Extra capacity at Lacolle, Montreal and Cornwall, Ontario centres and the redeployment of Immigration, Refugees and Citizenship Canada staff allowed the number of initial hearings to be increased from 32 to 200 per day.
Hussen said the processing times for initial asylum claims dropped from five to seven months to five to seven days to cope with the influx. Those claiming asylum were also given fast-tracked work permits in 30 days so they could support themselves while waiting for an IRB hearing.
The minister also detailed how Canada has gone about correcting the false information that resulted in so many Haitian asylum seekers arriving at the border.
“Two colleagues travelled to the U.S. to deliver information to local diaspora,” he said.
Hussen himself attended a meeting in New York and found that some major refugee and immigration organisations needed to be brought up to date on Canadian policy on asylum seekers.
Goodale Faces Questions on Security
Public Safety Minister Ralph Goodale also attended the Standing Committee hearing, facing questions on whether security had been compromised as a result of reduced initial processing times.
It was put to him that with initial interview times dropping from eight to two hours, the thoroughness of checks had to have been compromised. He firmly rejected this.
“The implication that border security and safety has been compromised is absolutely wrong,” Goodale said.
Goodale said the degree of difficulty of the cases faced was small, in terms of border crossers deemed a risk to the health and safety of Canadians.
The less than 1 per cent of cases where serious criminality was discovered rendered the border crosser ineligible to begin the process of claiming asylum.
Non-governmental organizations and UN Refugee Agency officials made regular checks and were very positive on how the situations was being dealt with, Goodale reported.
Stream Reduced to A Trickle
The stream of asylum crossing the Quebec border has reduced to a trickle in September, with under 50 per day now arriving after numbers peaked in the several hundreds during July and August.

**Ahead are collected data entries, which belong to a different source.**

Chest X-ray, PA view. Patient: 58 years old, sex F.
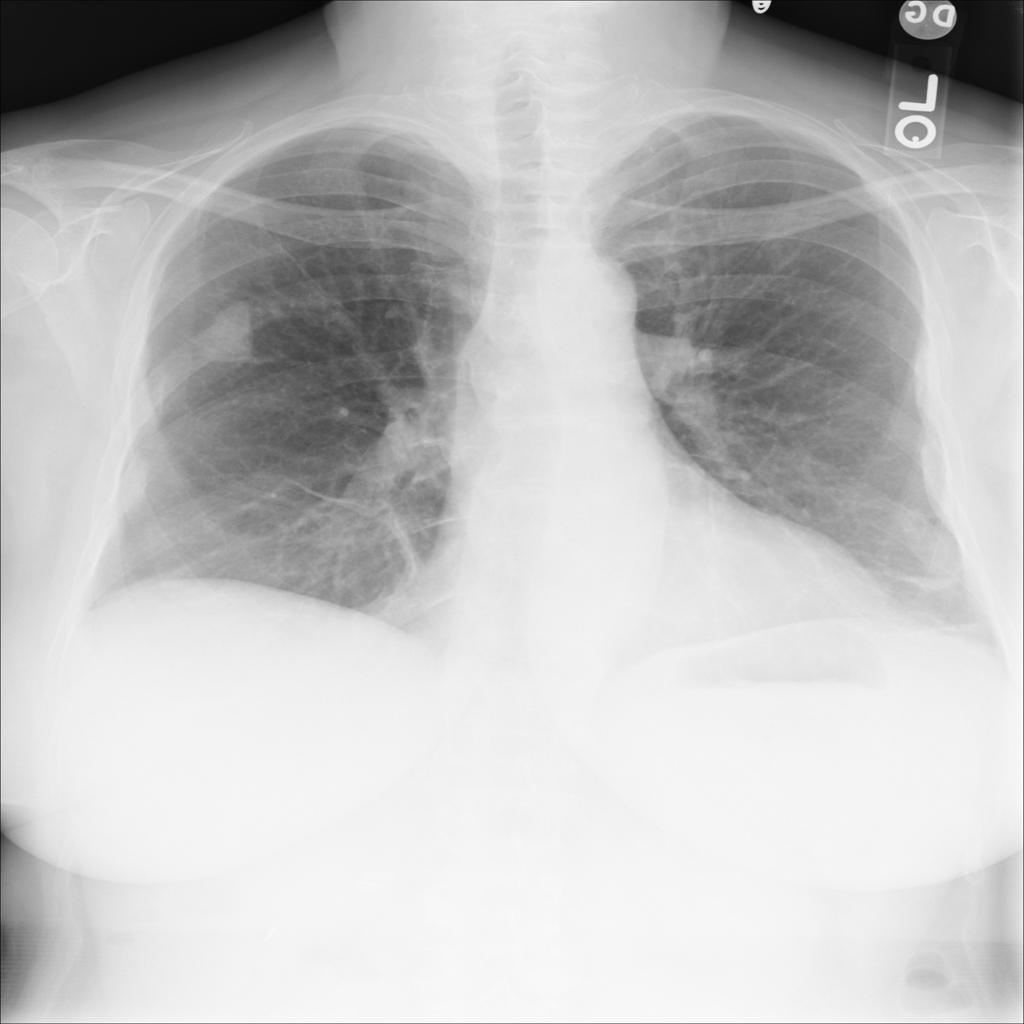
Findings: Atelectasis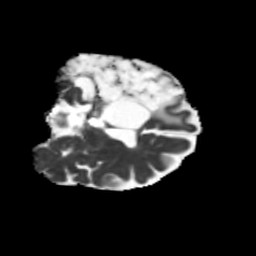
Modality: MD
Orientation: coronal
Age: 48
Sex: male
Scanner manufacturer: siemens
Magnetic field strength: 3 T
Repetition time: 5.25 s
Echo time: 0.08 s
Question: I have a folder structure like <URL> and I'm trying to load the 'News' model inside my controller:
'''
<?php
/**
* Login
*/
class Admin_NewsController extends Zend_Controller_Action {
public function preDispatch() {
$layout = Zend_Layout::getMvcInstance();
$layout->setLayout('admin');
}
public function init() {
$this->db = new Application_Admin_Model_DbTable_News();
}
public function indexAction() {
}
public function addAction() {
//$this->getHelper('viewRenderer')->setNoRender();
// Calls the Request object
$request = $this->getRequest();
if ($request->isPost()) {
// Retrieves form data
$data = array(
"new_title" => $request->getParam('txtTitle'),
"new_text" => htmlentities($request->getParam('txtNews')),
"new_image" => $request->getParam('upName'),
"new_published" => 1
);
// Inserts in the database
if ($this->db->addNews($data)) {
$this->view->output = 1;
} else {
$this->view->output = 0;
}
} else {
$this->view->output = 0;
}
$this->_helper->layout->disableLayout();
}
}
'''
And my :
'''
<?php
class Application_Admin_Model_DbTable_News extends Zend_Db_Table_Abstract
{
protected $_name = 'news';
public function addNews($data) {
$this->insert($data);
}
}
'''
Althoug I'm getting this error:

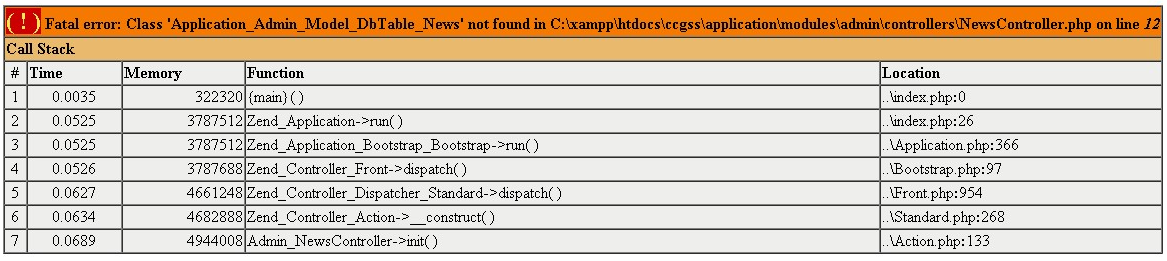
Answer: Since your News class belongs to the module, its name should be 'Admin_Model_DbTable_News', without 'Application_' prefix.
See more on autoloading within modules at <URL>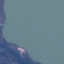
Land use / land cover: SeaLake
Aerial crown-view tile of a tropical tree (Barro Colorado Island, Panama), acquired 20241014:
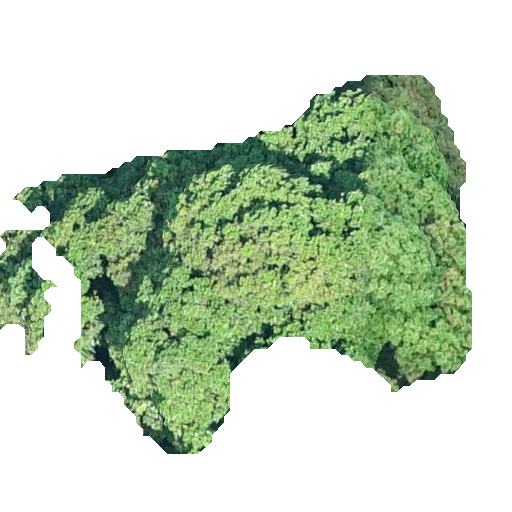
Species: Prioria copaifera
GBIF accepted scientific name: Prioria copaifera
Crown area: 167.747 m²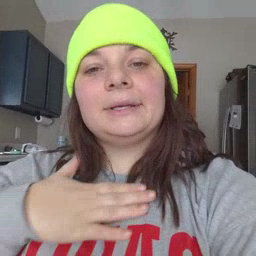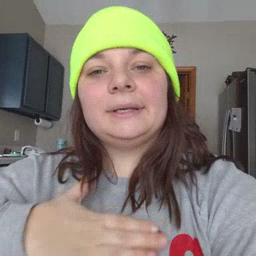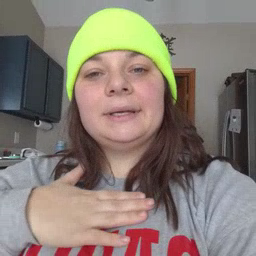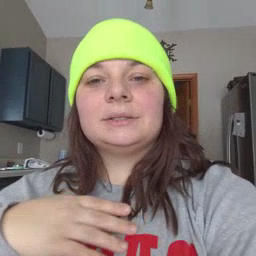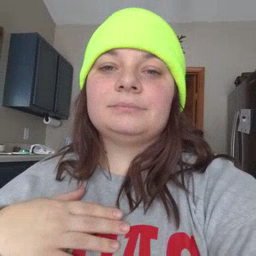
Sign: please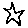
Label: star
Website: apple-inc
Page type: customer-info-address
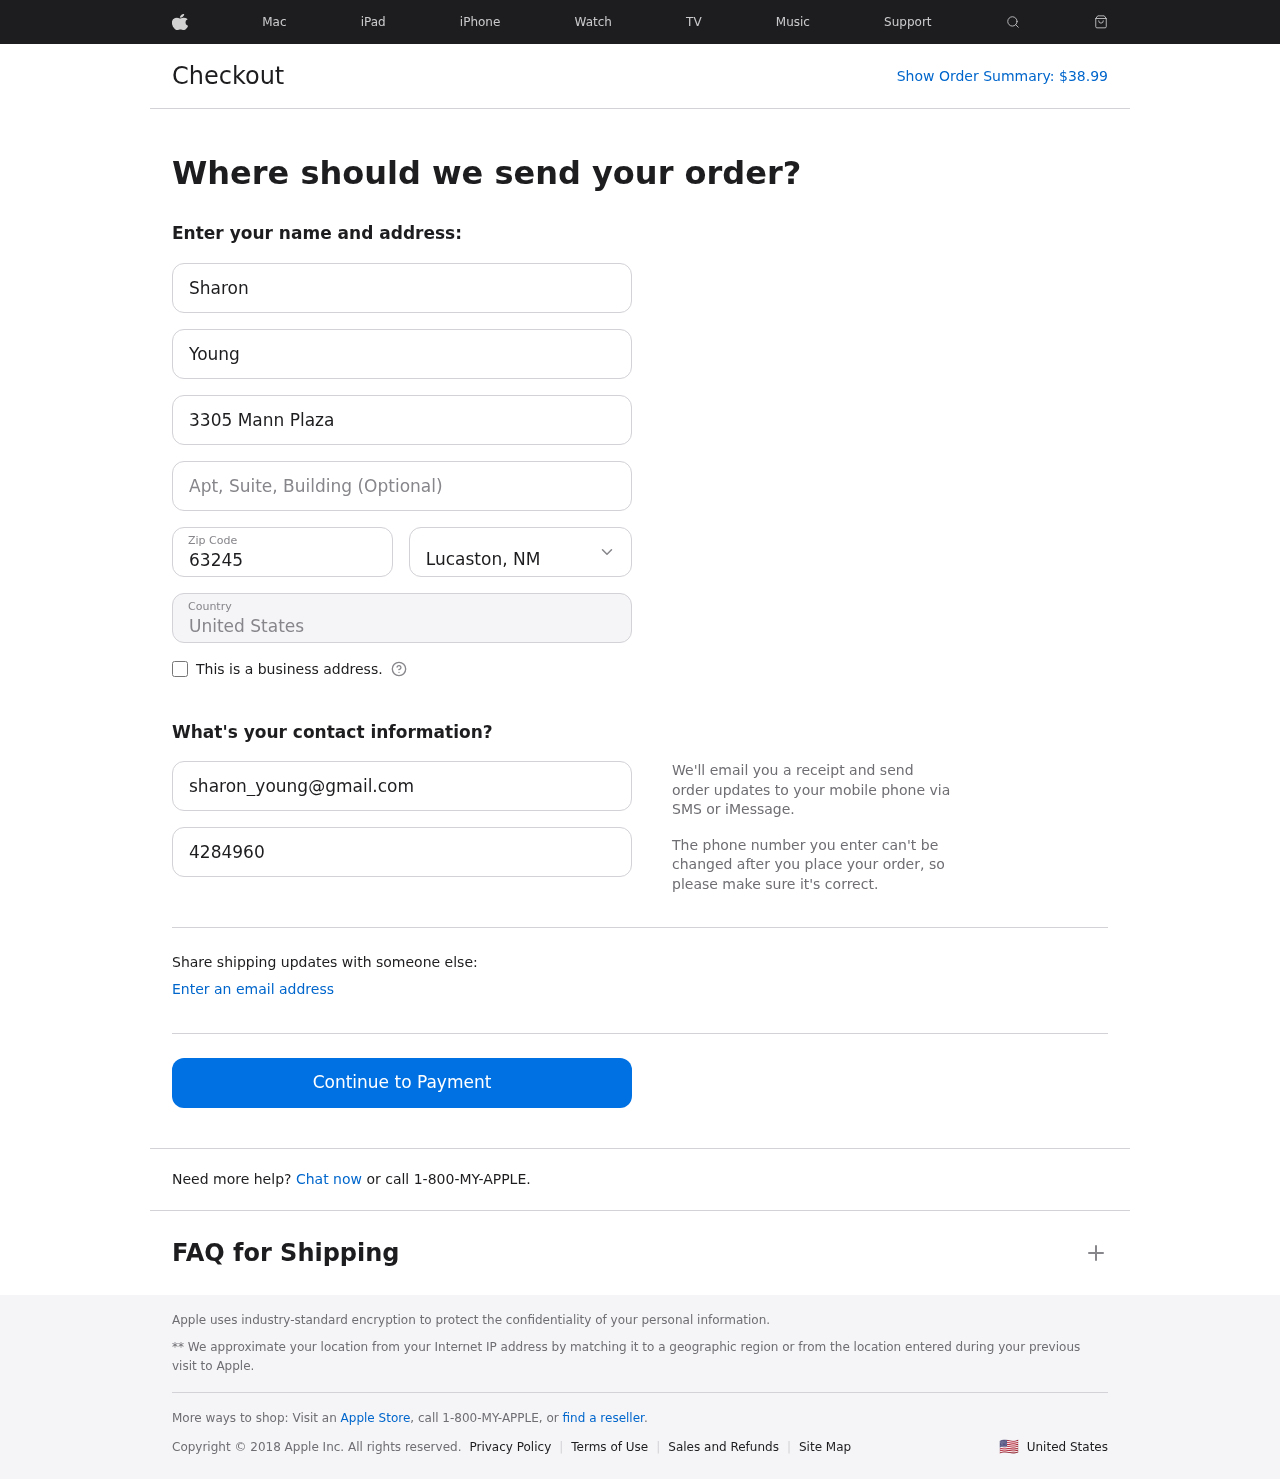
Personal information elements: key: PII_CITY_STATE
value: Lucaston, NM
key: PII_COUNTRY
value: United States
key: PII_EMAIL
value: sharon_young@gmail.com
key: PII_FIRSTNAME
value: Sharon
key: PII_LASTNAME
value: Young
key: PII_PHONE
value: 4284960876
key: PII_POSTCODE
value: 63245
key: PII_STREET
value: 3305 Mann Plaza
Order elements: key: ORDER_TOTAL
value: $38.99
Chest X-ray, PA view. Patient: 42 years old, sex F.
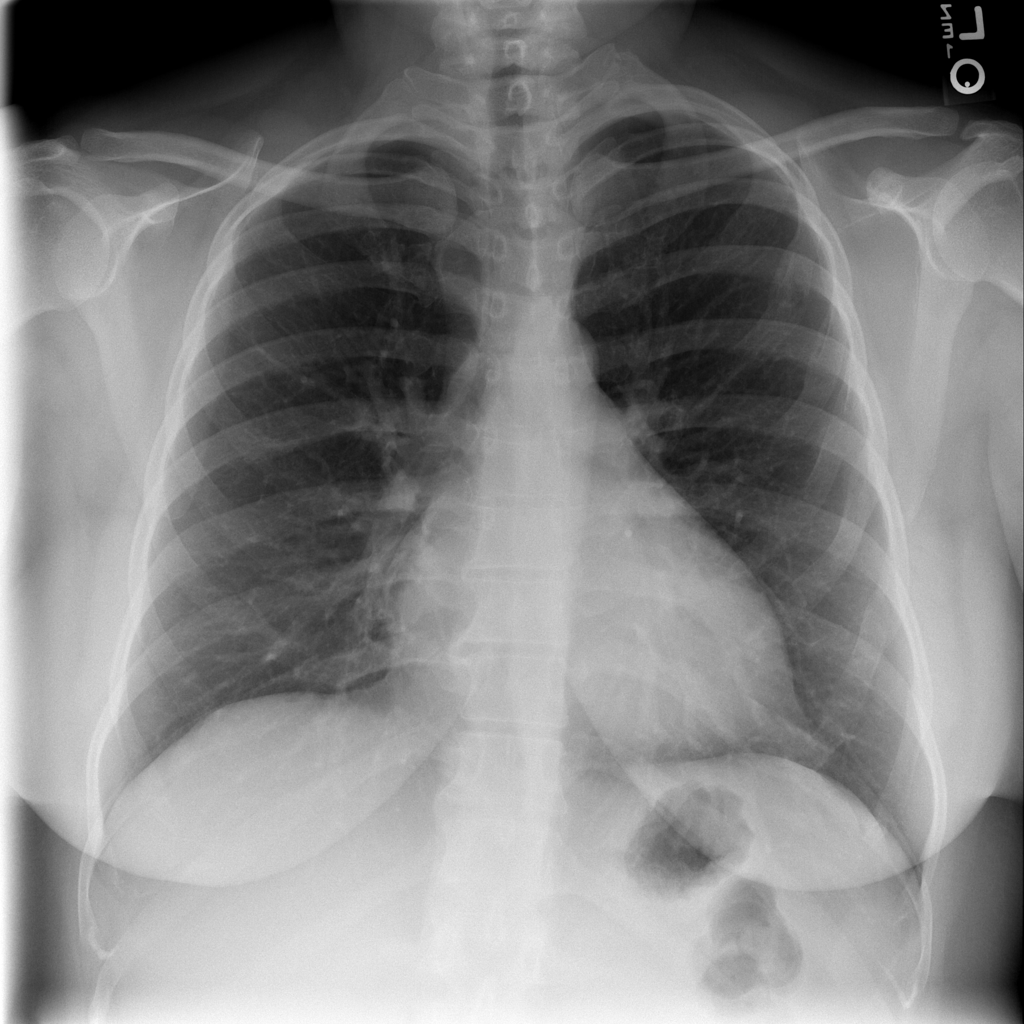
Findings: No Finding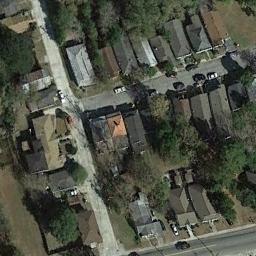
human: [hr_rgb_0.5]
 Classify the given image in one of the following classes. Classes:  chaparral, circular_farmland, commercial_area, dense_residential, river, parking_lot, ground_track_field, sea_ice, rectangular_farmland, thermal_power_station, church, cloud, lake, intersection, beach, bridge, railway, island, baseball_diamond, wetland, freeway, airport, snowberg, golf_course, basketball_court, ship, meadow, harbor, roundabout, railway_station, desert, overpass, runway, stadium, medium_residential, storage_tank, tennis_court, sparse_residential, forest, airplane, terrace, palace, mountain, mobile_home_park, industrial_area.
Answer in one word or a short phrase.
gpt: dense_residential

The government information campaign combined with the start of the school year, is believed to be behind the dramatic reduction in numbers. Parents, no matter what their background, are always reluctant to move their children during the school year. It will also support the argument that the majority of current asylum seekers are in fact economic queue jumpers, seeking a faster entry into Canada.
Government numbers show nearly 7,000 people crossed the Quebec border in July and early August, with 2,700 of them under 18.
Several temporary shelters were set up for newcomers, including one in Cornwall, Ontario, near the Quebec border. Others included Montreal’s Olympic Stadium, an old hospital and a school. A makeshift border camp was also set up by the Canadian army to act as an initial processing centre.
A federal-provincial taskforce was formed in response to the situation, including federal Immigration Minister Hussen, Quebec Immigration Minister Kathleen Weill and Ralph Goodale, federal Minister of Public Safety.
Safe Third Country Agreement
There have been several calls for Canada to suspend the Safe Third Country Agreement with the U.S., which says an asylum seeker must make their claim in the first country to which they arrive. The agreement is the reason why those coming from the U.S. are electing to cross the border at remote locations, with the aim of getting arrested and entering the Canadian immigration system. Such individuals would otherwise not qualify to submit a claim as the Safe Third Country Agreement would prevent them from doing so.
However, with negotiations currently ongoing for the renegotiation of NAFTA, Canada will not want to do anything to harm its bargaining position with the USA.
Although the numbers show a marked increase, they are low when compared to the migrant crisis facing Europe. Italy received nearly 11,500 asylum seekers in July, down from more than 23,500 in June. Meanwhile, Germany has 250,000 asylum cases pending compared to 21,000 in Canada. Spain and its territories have received nearly 13,000 asylum seekers so far in 2017.